Multinomial logistic regression was used to investigate associations of each cluster with early-life or environmental risk factors, including viral LRTIs. Results are reported as odds ratios (ORs) with 95% CIs. Unadjusted and adjusted models were fitted using variables based on evidence from cohorts in high-income countries and associations previously published in the DCHS.17 Variable selection was based on a backwards selection procedure, starting with a model that included all clinically relevant variables (appendix p 9). The full set of exposures was included as the minimum sufficient set of confounders. A sample size of 950 had sufficient power for clustering and modelling common exposures (appendix p 6).
Where repeated LRTI episodes occurred, the number of LRTI episodes per child was treated as a count variable, whereas binary indicators were used for the presence or absence of respiratory syncytial virus, rhinovirus, adenovirus, influenza, or parainfluenza virus at least once during follow-up.
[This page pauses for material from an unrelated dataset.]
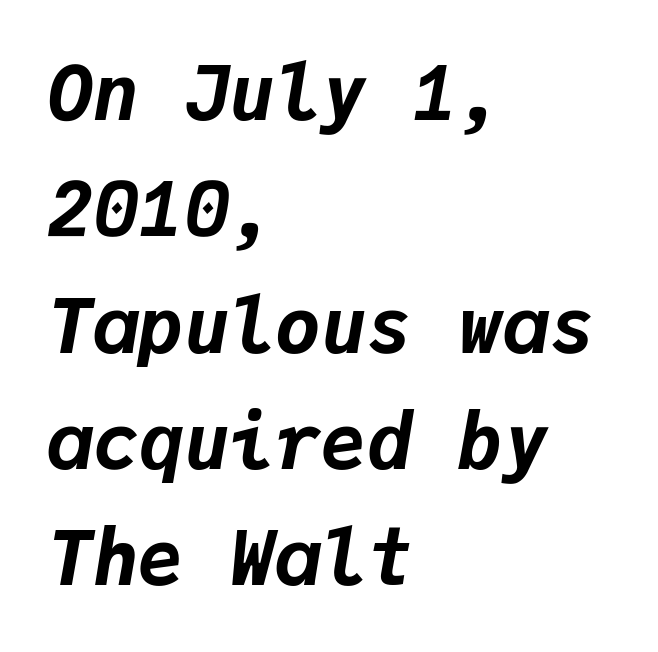
The image shows 76 px bold type, italic (leaning right), monospaced; set left-aligned, normal line spacing (1.53x), normal letter spacing, not underlined; low stroke contrast and a medium x-height.

The association between lung function and wheezing phenotypes was investigated by assessing the predictive power of 6-week lung function values for phenotype allocation through a multinomial logistic model and comparing lung function at 5 years in the wheezing phenotype groups using linear regression models adjusted for sex and height. We compared 6-week and 5-year lung function by phenotype using cohort derived Z scores.
We exponentiated normal confidence intervals on the log-scale to calculate 95% CIs for incidence rate. Proportions were compared using the χ2 test or Fisher's exact test where appropriate. Mood's Median Test was used to compare medians. Analyses were conducted in R (version 3.6.3).
Role of the funding source
The funders of the study had no role in study design, data collection, data analysis, data interpretation, or writing of the report.
Results
Between March 5, 2012, and March 31, 2015, 1137 mothers (median age 25·8 years [IQR 22·0–30·8]) were enrolled, and there were 1143 livebirths (four sets of twins, one set of triplets). Cohort retention was high (1015 [88·8%] of 1143 children at 1 year; 994 [87·0%] at 2 years; and 981 [85·8%] at 5 years; appendix p 9). This analysis included 950 (83%) of 1143 children with complete data on wheezing across 14 timepoints to 5 years. Excluded children had similar characteristics to those included in the analysis, with the exception of higher socioeconomic status and lower prevalence of antenatal smoking in the excluded group (appendix p 10). There were 24 child deaths: three were due to LRTIs (appendix p 9).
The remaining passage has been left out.